So, that is a good thing for me, and in knowing this, I won't tell him on Sunday if this is what I decide needs to be done. I will just file what I need and he will get the summons and we will go from there...

Quote:
Just because he said it's about finances, doesn't make it so.
I hear you AJ, but my gut is telling me that it will be. Like I said, I will just probably hear what he has to say, make my own decision that night when i am alone and can process....no need to get into an argument.

Quote:
Question - why does your H think you no longer love him? Or at least, why is he telling the kids that? Have you asked him that question before?


I don't think I have ever answered that. Simplest answer...a cop out to the kids, so he doesn't have to admit to the affair.

Long answer, his complaint the month before he left was that I never paid him any attention and put the kids and our home first. Things that I could see where he was coming from, but was not necessarily true. But his feelings nonetheless, so I worked on them, with him openly admitting before he left that he saw a change, but it was too late. I felt it was the kids, him and then the home...as you can see...I, myself, didn't even make that list. And I will admit that him and I never had a lot of alone time to just spend with each other...for the most part, we always had the kids in tow or worked at our jobs or household responsibilities.

Well, the day he told me we were done, I told him that I wanted to share something with him, which was that I knew about OW. Before I could get it out, he accused me of having an affair. When I asked with who and why he thought that, he had nothing, so I am assuming that is all that projection stuff...he knew he was guilty of it himself. And just to clarify NO, I did NOT have an affair, and honestly every one could tell you that I only had eyes for H and brought him up all the time and how great of a husband he was, etc, etc.

Anyway, the day that "we" told the kids, he wanted to tell the kids that I didn't show him any affection or love, and I didn't pay him any attention. I objected obviously as this is not something I wanted them told, so we said that we were having problems and it had nothing to do with them.
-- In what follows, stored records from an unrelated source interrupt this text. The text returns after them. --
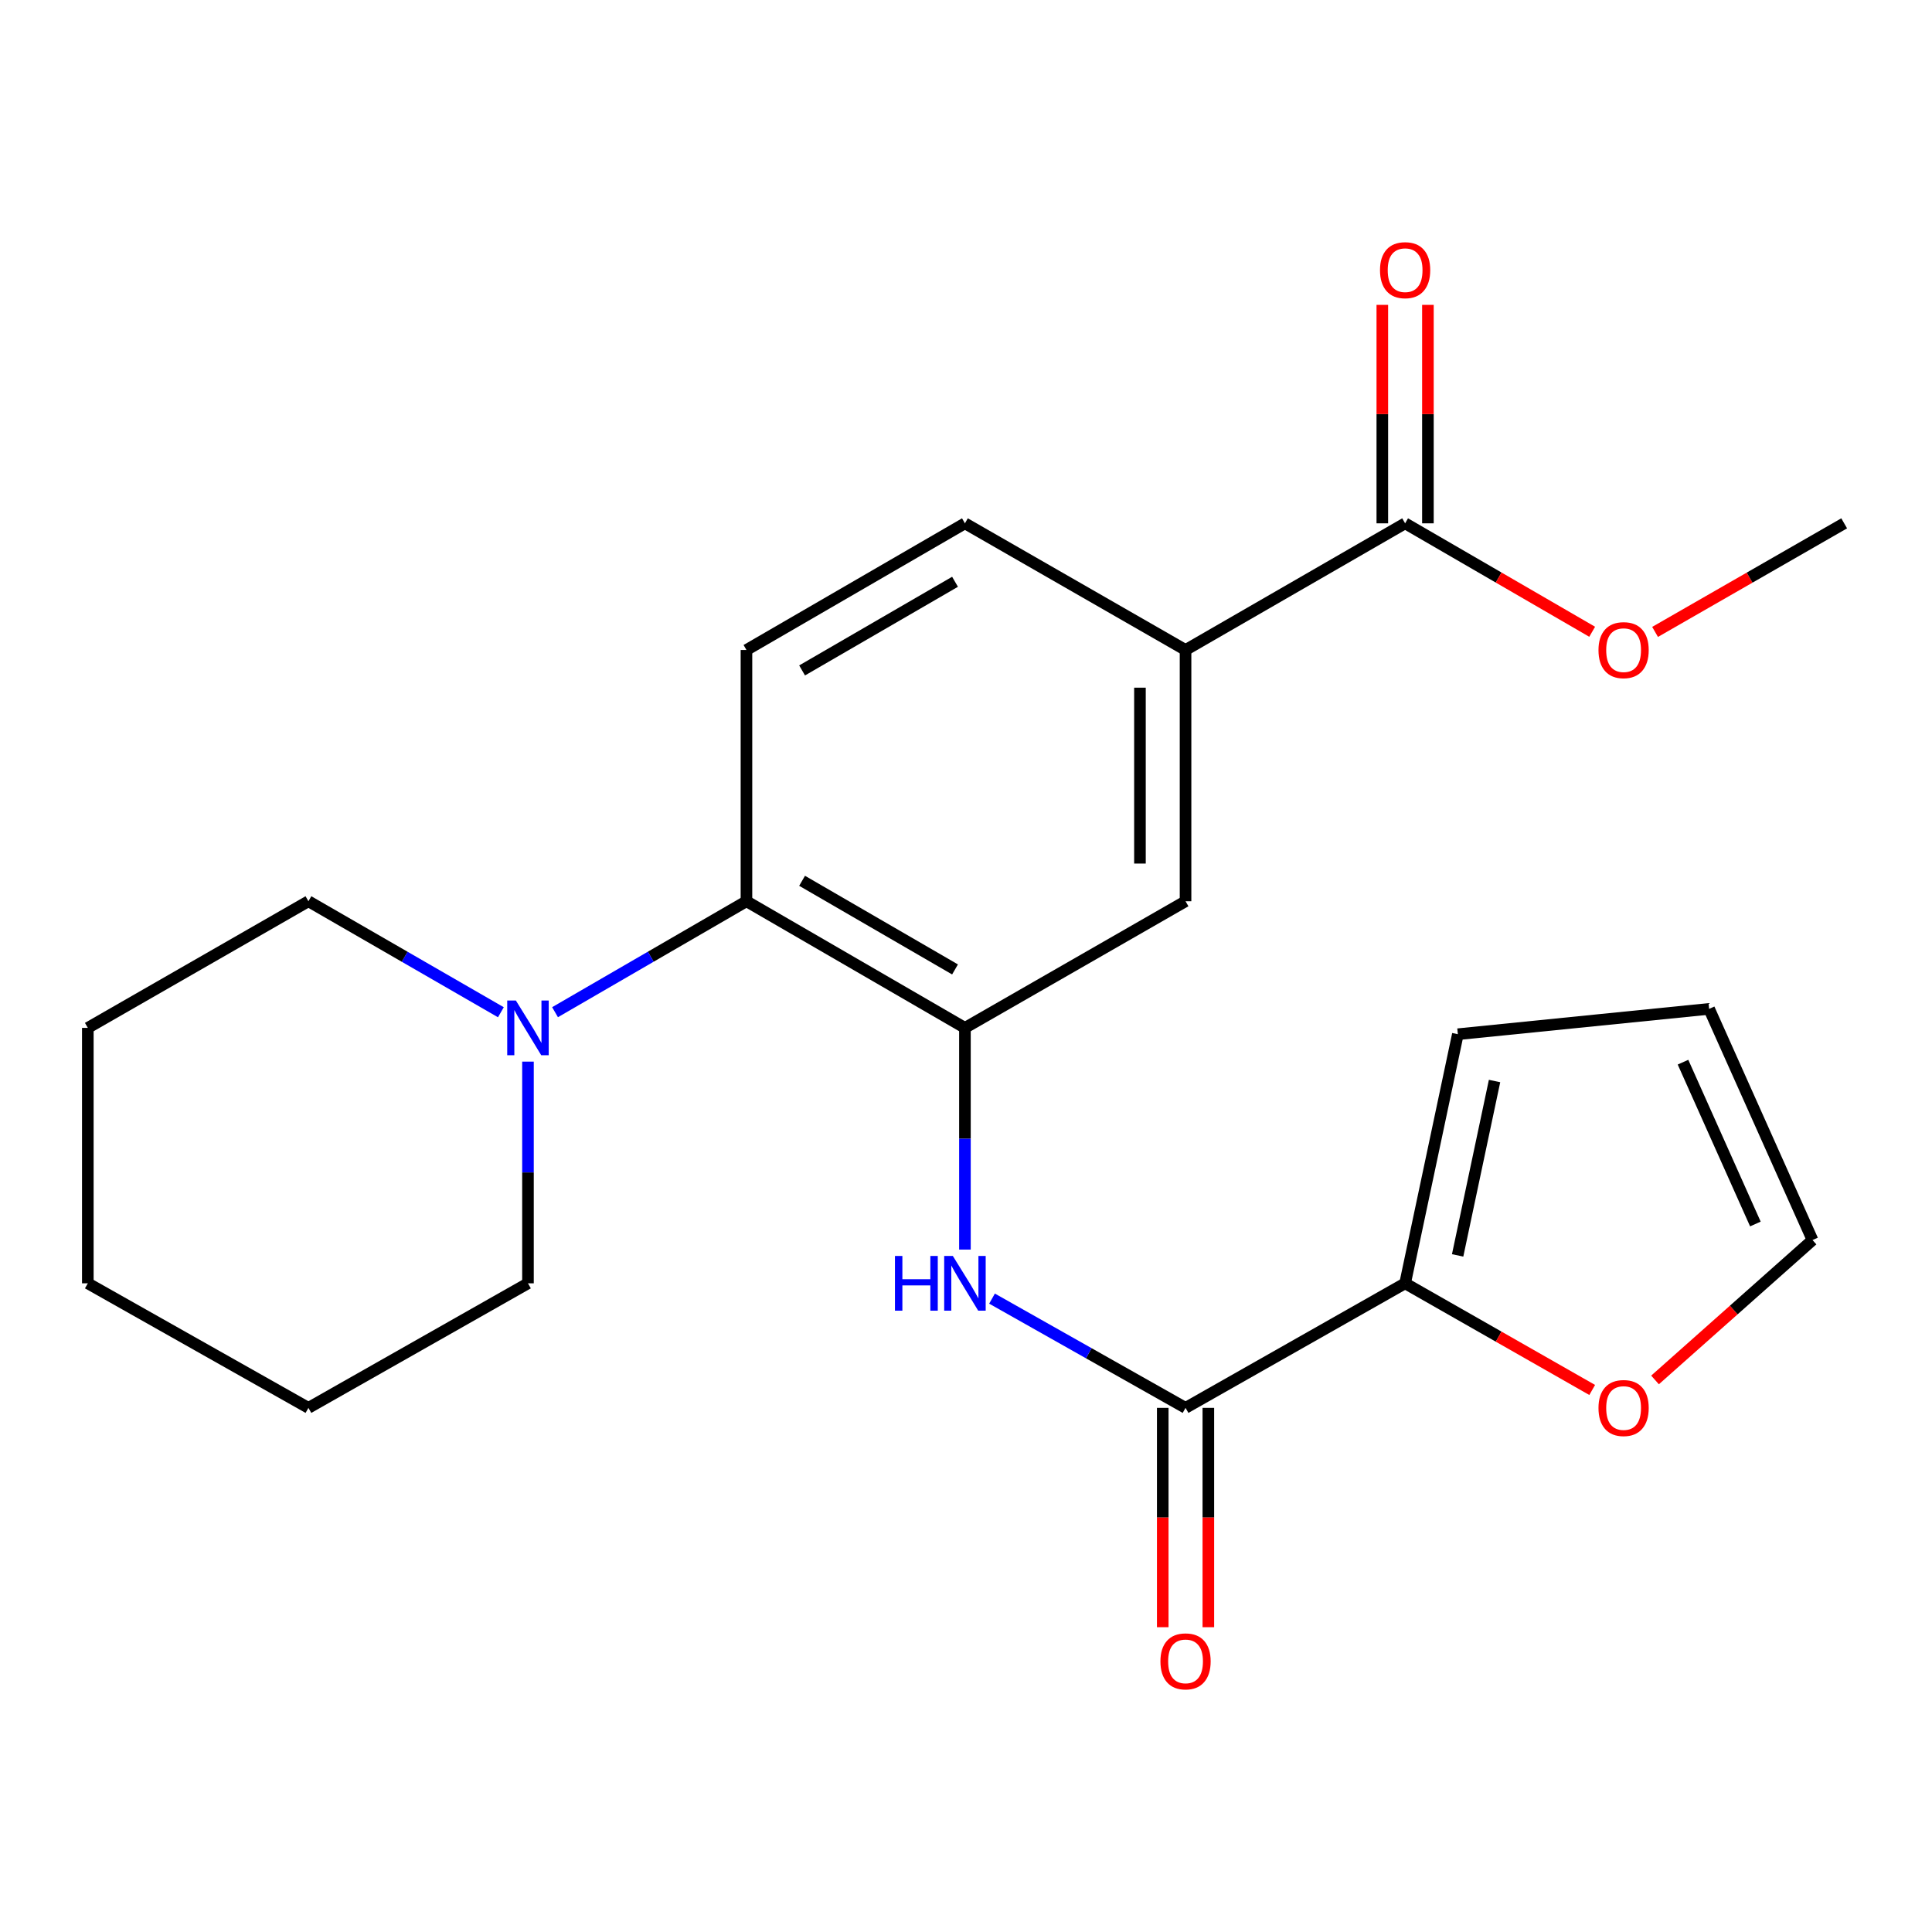 <?xml version='1.0' encoding='iso-8859-1'?>
<svg version='1.1' baseProfile='full'
              xmlns='http://www.w3.org/2000/svg'
                      xmlns:rdkit='http://www.rdkit.org/xml'
                      xmlns:xlink='http://www.w3.org/1999/xlink'
                  xml:space='preserve'
width='1000px' height='1000px' viewBox='0 0 1000 1000'>
<!-- END OF HEADER -->
<rect style='opacity:1.0;fill:#FFFFFF;stroke:none' width='1000' height='1000' x='0' y='0'> </rect>
<path class='bond-1' d='M 499.449,532.028 L 499.449,589.403' style='fill:none;fill-rule:evenodd;stroke:#000000;stroke-width:6px;stroke-linecap:butt;stroke-linejoin:miter;stroke-opacity:1' />
<path class='bond-1' d='M 499.449,589.403 L 499.449,646.778' style='fill:none;fill-rule:evenodd;stroke:#0000FF;stroke-width:6px;stroke-linecap:butt;stroke-linejoin:miter;stroke-opacity:1' />
<path class='bond-2' d='M 499.449,532.028 L 386.364,466.484' style='fill:none;fill-rule:evenodd;stroke:#000000;stroke-width:6px;stroke-linecap:butt;stroke-linejoin:miter;stroke-opacity:1' />
<path class='bond-2' d='M 494.321,501.777 L 415.161,455.897' style='fill:none;fill-rule:evenodd;stroke:#000000;stroke-width:6px;stroke-linecap:butt;stroke-linejoin:miter;stroke-opacity:1' />
<path class='bond-7' d='M 499.449,532.028 L 613.636,466.484' style='fill:none;fill-rule:evenodd;stroke:#000000;stroke-width:6px;stroke-linecap:butt;stroke-linejoin:miter;stroke-opacity:1' />
<path class='bond-0' d='M 613.636,728.712 L 563.552,700.435' style='fill:none;fill-rule:evenodd;stroke:#000000;stroke-width:6px;stroke-linecap:butt;stroke-linejoin:miter;stroke-opacity:1' />
<path class='bond-0' d='M 563.552,700.435 L 513.468,672.158' style='fill:none;fill-rule:evenodd;stroke:#0000FF;stroke-width:6px;stroke-linecap:butt;stroke-linejoin:miter;stroke-opacity:1' />
<path class='bond-3' d='M 613.636,728.712 L 727.286,664.243' style='fill:none;fill-rule:evenodd;stroke:#000000;stroke-width:6px;stroke-linecap:butt;stroke-linejoin:miter;stroke-opacity:1' />
<path class='bond-10' d='M 601.836,728.712 L 601.836,785.476' style='fill:none;fill-rule:evenodd;stroke:#000000;stroke-width:6px;stroke-linecap:butt;stroke-linejoin:miter;stroke-opacity:1' />
<path class='bond-10' d='M 601.836,785.476 L 601.836,842.24' style='fill:none;fill-rule:evenodd;stroke:#FF0000;stroke-width:6px;stroke-linecap:butt;stroke-linejoin:miter;stroke-opacity:1' />
<path class='bond-10' d='M 625.437,728.712 L 625.437,785.476' style='fill:none;fill-rule:evenodd;stroke:#000000;stroke-width:6px;stroke-linecap:butt;stroke-linejoin:miter;stroke-opacity:1' />
<path class='bond-10' d='M 625.437,785.476 L 625.437,842.24' style='fill:none;fill-rule:evenodd;stroke:#FF0000;stroke-width:6px;stroke-linecap:butt;stroke-linejoin:miter;stroke-opacity:1' />
<path class='bond-4' d='M 386.364,466.484 L 336.825,495.196' style='fill:none;fill-rule:evenodd;stroke:#000000;stroke-width:6px;stroke-linecap:butt;stroke-linejoin:miter;stroke-opacity:1' />
<path class='bond-4' d='M 336.825,495.196 L 287.286,523.909' style='fill:none;fill-rule:evenodd;stroke:#0000FF;stroke-width:6px;stroke-linecap:butt;stroke-linejoin:miter;stroke-opacity:1' />
<path class='bond-8' d='M 386.364,466.484 L 386.364,336.432' style='fill:none;fill-rule:evenodd;stroke:#000000;stroke-width:6px;stroke-linecap:butt;stroke-linejoin:miter;stroke-opacity:1' />
<path class='bond-9' d='M 727.286,664.243 L 775.702,691.844' style='fill:none;fill-rule:evenodd;stroke:#000000;stroke-width:6px;stroke-linecap:butt;stroke-linejoin:miter;stroke-opacity:1' />
<path class='bond-9' d='M 775.702,691.844 L 824.117,719.445' style='fill:none;fill-rule:evenodd;stroke:#FF0000;stroke-width:6px;stroke-linecap:butt;stroke-linejoin:miter;stroke-opacity:1' />
<path class='bond-11' d='M 727.286,664.243 L 754.584,535.306' style='fill:none;fill-rule:evenodd;stroke:#000000;stroke-width:6px;stroke-linecap:butt;stroke-linejoin:miter;stroke-opacity:1' />
<path class='bond-11' d='M 754.469,649.791 L 773.578,559.534' style='fill:none;fill-rule:evenodd;stroke:#000000;stroke-width:6px;stroke-linecap:butt;stroke-linejoin:miter;stroke-opacity:1' />
<path class='bond-17' d='M 273.278,549.493 L 273.278,606.868' style='fill:none;fill-rule:evenodd;stroke:#0000FF;stroke-width:6px;stroke-linecap:butt;stroke-linejoin:miter;stroke-opacity:1' />
<path class='bond-17' d='M 273.278,606.868 L 273.278,664.243' style='fill:none;fill-rule:evenodd;stroke:#000000;stroke-width:6px;stroke-linecap:butt;stroke-linejoin:miter;stroke-opacity:1' />
<path class='bond-18' d='M 259.258,523.941 L 209.45,495.213' style='fill:none;fill-rule:evenodd;stroke:#0000FF;stroke-width:6px;stroke-linecap:butt;stroke-linejoin:miter;stroke-opacity:1' />
<path class='bond-18' d='M 209.45,495.213 L 159.642,466.484' style='fill:none;fill-rule:evenodd;stroke:#000000;stroke-width:6px;stroke-linecap:butt;stroke-linejoin:miter;stroke-opacity:1' />
<path class='bond-5' d='M 727.286,270.875 L 613.636,336.432' style='fill:none;fill-rule:evenodd;stroke:#000000;stroke-width:6px;stroke-linecap:butt;stroke-linejoin:miter;stroke-opacity:1' />
<path class='bond-13' d='M 739.086,270.875 L 739.086,214.337' style='fill:none;fill-rule:evenodd;stroke:#000000;stroke-width:6px;stroke-linecap:butt;stroke-linejoin:miter;stroke-opacity:1' />
<path class='bond-13' d='M 739.086,214.337 L 739.086,157.799' style='fill:none;fill-rule:evenodd;stroke:#FF0000;stroke-width:6px;stroke-linecap:butt;stroke-linejoin:miter;stroke-opacity:1' />
<path class='bond-13' d='M 715.486,270.875 L 715.486,214.337' style='fill:none;fill-rule:evenodd;stroke:#000000;stroke-width:6px;stroke-linecap:butt;stroke-linejoin:miter;stroke-opacity:1' />
<path class='bond-13' d='M 715.486,214.337 L 715.486,157.799' style='fill:none;fill-rule:evenodd;stroke:#FF0000;stroke-width:6px;stroke-linecap:butt;stroke-linejoin:miter;stroke-opacity:1' />
<path class='bond-16' d='M 727.286,270.875 L 775.695,298.938' style='fill:none;fill-rule:evenodd;stroke:#000000;stroke-width:6px;stroke-linecap:butt;stroke-linejoin:miter;stroke-opacity:1' />
<path class='bond-16' d='M 775.695,298.938 L 824.104,327.002' style='fill:none;fill-rule:evenodd;stroke:#FF0000;stroke-width:6px;stroke-linecap:butt;stroke-linejoin:miter;stroke-opacity:1' />
<path class='bond-6' d='M 613.636,336.432 L 613.636,466.484' style='fill:none;fill-rule:evenodd;stroke:#000000;stroke-width:6px;stroke-linecap:butt;stroke-linejoin:miter;stroke-opacity:1' />
<path class='bond-6' d='M 590.036,355.94 L 590.036,446.976' style='fill:none;fill-rule:evenodd;stroke:#000000;stroke-width:6px;stroke-linecap:butt;stroke-linejoin:miter;stroke-opacity:1' />
<path class='bond-12' d='M 613.636,336.432 L 499.449,270.875' style='fill:none;fill-rule:evenodd;stroke:#000000;stroke-width:6px;stroke-linecap:butt;stroke-linejoin:miter;stroke-opacity:1' />
<path class='bond-23' d='M 386.364,336.432 L 499.449,270.875' style='fill:none;fill-rule:evenodd;stroke:#000000;stroke-width:6px;stroke-linecap:butt;stroke-linejoin:miter;stroke-opacity:1' />
<path class='bond-23' d='M 415.163,347.016 L 494.323,301.127' style='fill:none;fill-rule:evenodd;stroke:#000000;stroke-width:6px;stroke-linecap:butt;stroke-linejoin:miter;stroke-opacity:1' />
<path class='bond-14' d='M 856.641,714.259 L 897.399,678.054' style='fill:none;fill-rule:evenodd;stroke:#FF0000;stroke-width:6px;stroke-linecap:butt;stroke-linejoin:miter;stroke-opacity:1' />
<path class='bond-14' d='M 897.399,678.054 L 938.156,641.849' style='fill:none;fill-rule:evenodd;stroke:#000000;stroke-width:6px;stroke-linecap:butt;stroke-linejoin:miter;stroke-opacity:1' />
<path class='bond-15' d='M 754.584,535.306 L 884.636,522.194' style='fill:none;fill-rule:evenodd;stroke:#000000;stroke-width:6px;stroke-linecap:butt;stroke-linejoin:miter;stroke-opacity:1' />
<path class='bond-25' d='M 938.156,641.849 L 884.636,522.194' style='fill:none;fill-rule:evenodd;stroke:#000000;stroke-width:6px;stroke-linecap:butt;stroke-linejoin:miter;stroke-opacity:1' />
<path class='bond-25' d='M 908.585,633.537 L 871.12,549.779' style='fill:none;fill-rule:evenodd;stroke:#000000;stroke-width:6px;stroke-linecap:butt;stroke-linejoin:miter;stroke-opacity:1' />
<path class='bond-19' d='M 856.663,327.078 L 905.604,298.977' style='fill:none;fill-rule:evenodd;stroke:#FF0000;stroke-width:6px;stroke-linecap:butt;stroke-linejoin:miter;stroke-opacity:1' />
<path class='bond-19' d='M 905.604,298.977 L 954.545,270.875' style='fill:none;fill-rule:evenodd;stroke:#000000;stroke-width:6px;stroke-linecap:butt;stroke-linejoin:miter;stroke-opacity:1' />
<path class='bond-21' d='M 273.278,664.243 L 159.642,728.712' style='fill:none;fill-rule:evenodd;stroke:#000000;stroke-width:6px;stroke-linecap:butt;stroke-linejoin:miter;stroke-opacity:1' />
<path class='bond-20' d='M 159.642,466.484 L 45.455,532.028' style='fill:none;fill-rule:evenodd;stroke:#000000;stroke-width:6px;stroke-linecap:butt;stroke-linejoin:miter;stroke-opacity:1' />
<path class='bond-22' d='M 45.455,532.028 L 45.455,664.243' style='fill:none;fill-rule:evenodd;stroke:#000000;stroke-width:6px;stroke-linecap:butt;stroke-linejoin:miter;stroke-opacity:1' />
<path class='bond-24' d='M 159.642,728.712 L 45.455,664.243' style='fill:none;fill-rule:evenodd;stroke:#000000;stroke-width:6px;stroke-linecap:butt;stroke-linejoin:miter;stroke-opacity:1' />
<path  class='atom-2' d='M 463.229 650.083
L 467.069 650.083
L 467.069 662.123
L 481.549 662.123
L 481.549 650.083
L 485.389 650.083
L 485.389 678.403
L 481.549 678.403
L 481.549 665.323
L 467.069 665.323
L 467.069 678.403
L 463.229 678.403
L 463.229 650.083
' fill='#0000FF'/>
<path  class='atom-2' d='M 493.189 650.083
L 502.469 665.083
Q 503.389 666.563, 504.869 669.243
Q 506.349 671.923, 506.429 672.083
L 506.429 650.083
L 510.189 650.083
L 510.189 678.403
L 506.309 678.403
L 496.349 662.003
Q 495.189 660.083, 493.949 657.883
Q 492.749 655.683, 492.389 655.003
L 492.389 678.403
L 488.709 678.403
L 488.709 650.083
L 493.189 650.083
' fill='#0000FF'/>
<path  class='atom-5' d='M 267.018 517.868
L 276.298 532.868
Q 277.218 534.348, 278.698 537.028
Q 280.178 539.708, 280.258 539.868
L 280.258 517.868
L 284.018 517.868
L 284.018 546.188
L 280.138 546.188
L 270.178 529.788
Q 269.018 527.868, 267.778 525.668
Q 266.578 523.468, 266.218 522.788
L 266.218 546.188
L 262.538 546.188
L 262.538 517.868
L 267.018 517.868
' fill='#0000FF'/>
<path  class='atom-10' d='M 827.372 728.792
Q 827.372 721.992, 830.732 718.192
Q 834.092 714.392, 840.372 714.392
Q 846.652 714.392, 850.012 718.192
Q 853.372 721.992, 853.372 728.792
Q 853.372 735.672, 849.972 739.592
Q 846.572 743.472, 840.372 743.472
Q 834.132 743.472, 830.732 739.592
Q 827.372 735.712, 827.372 728.792
M 840.372 740.272
Q 844.692 740.272, 847.012 737.392
Q 849.372 734.472, 849.372 728.792
Q 849.372 723.232, 847.012 720.432
Q 844.692 717.592, 840.372 717.592
Q 836.052 717.592, 833.692 720.392
Q 831.372 723.192, 831.372 728.792
Q 831.372 734.512, 833.692 737.392
Q 836.052 740.272, 840.372 740.272
' fill='#FF0000'/>
<path  class='atom-11' d='M 600.636 859.919
Q 600.636 853.119, 603.996 849.319
Q 607.356 845.519, 613.636 845.519
Q 619.916 845.519, 623.276 849.319
Q 626.636 853.119, 626.636 859.919
Q 626.636 866.799, 623.236 870.719
Q 619.836 874.599, 613.636 874.599
Q 607.396 874.599, 603.996 870.719
Q 600.636 866.839, 600.636 859.919
M 613.636 871.399
Q 617.956 871.399, 620.276 868.519
Q 622.636 865.599, 622.636 859.919
Q 622.636 854.359, 620.276 851.559
Q 617.956 848.719, 613.636 848.719
Q 609.316 848.719, 606.956 851.519
Q 604.636 854.319, 604.636 859.919
Q 604.636 865.639, 606.956 868.519
Q 609.316 871.399, 613.636 871.399
' fill='#FF0000'/>
<path  class='atom-14' d='M 714.286 139.841
Q 714.286 133.041, 717.646 129.241
Q 721.006 125.441, 727.286 125.441
Q 733.566 125.441, 736.926 129.241
Q 740.286 133.041, 740.286 139.841
Q 740.286 146.721, 736.886 150.641
Q 733.486 154.521, 727.286 154.521
Q 721.046 154.521, 717.646 150.641
Q 714.286 146.761, 714.286 139.841
M 727.286 151.321
Q 731.606 151.321, 733.926 148.441
Q 736.286 145.521, 736.286 139.841
Q 736.286 134.281, 733.926 131.481
Q 731.606 128.641, 727.286 128.641
Q 722.966 128.641, 720.606 131.441
Q 718.286 134.241, 718.286 139.841
Q 718.286 145.561, 720.606 148.441
Q 722.966 151.321, 727.286 151.321
' fill='#FF0000'/>
<path  class='atom-17' d='M 827.372 336.512
Q 827.372 329.712, 830.732 325.912
Q 834.092 322.112, 840.372 322.112
Q 846.652 322.112, 850.012 325.912
Q 853.372 329.712, 853.372 336.512
Q 853.372 343.392, 849.972 347.312
Q 846.572 351.192, 840.372 351.192
Q 834.132 351.192, 830.732 347.312
Q 827.372 343.432, 827.372 336.512
M 840.372 347.992
Q 844.692 347.992, 847.012 345.112
Q 849.372 342.192, 849.372 336.512
Q 849.372 330.952, 847.012 328.152
Q 844.692 325.312, 840.372 325.312
Q 836.052 325.312, 833.692 328.112
Q 831.372 330.912, 831.372 336.512
Q 831.372 342.232, 833.692 345.112
Q 836.052 347.992, 840.372 347.992
' fill='#FF0000'/>
</svg>

The following weeks, the boys had a lot of questions, and he threw me under the bus every time they asked him...with these continued accusations. H would say "I made mistakes, but your your Mom made A, B, C, D, E, mistakes etc..." describing them to the boys. Finally on defense mode with the kids one day, I asked the boys if their Dad ever said what his mistakes were, and the boys said no. Well my youngest, asked him one day, and all he could say was you are too young to know. WTF...but you can tell them that I "don't love you", "I don't give you any affection", "I ignored you",etc, etc...the list goes on.

So til this day, that is still the reason he gives the kids, but my oldest doesn't buy it, and knows that I did love him (before and now) and that there must be "something else", he just doesn't know what. So he has stopped asking H.

That is why it has been really hard to do the 180's regarding the attention and affection. But what I have done, is look H into his eyes when he is speaking and stop what I am doing. I also stopped "interrupting, and really just hear him out and then respond, if at all. As you guys have pointed out, I am a fixer, so I have left him with a lot of unknowns for him to fix on his own. I also have "practiced" being more affectionate and loving and patient with the boys, both in front of H and not.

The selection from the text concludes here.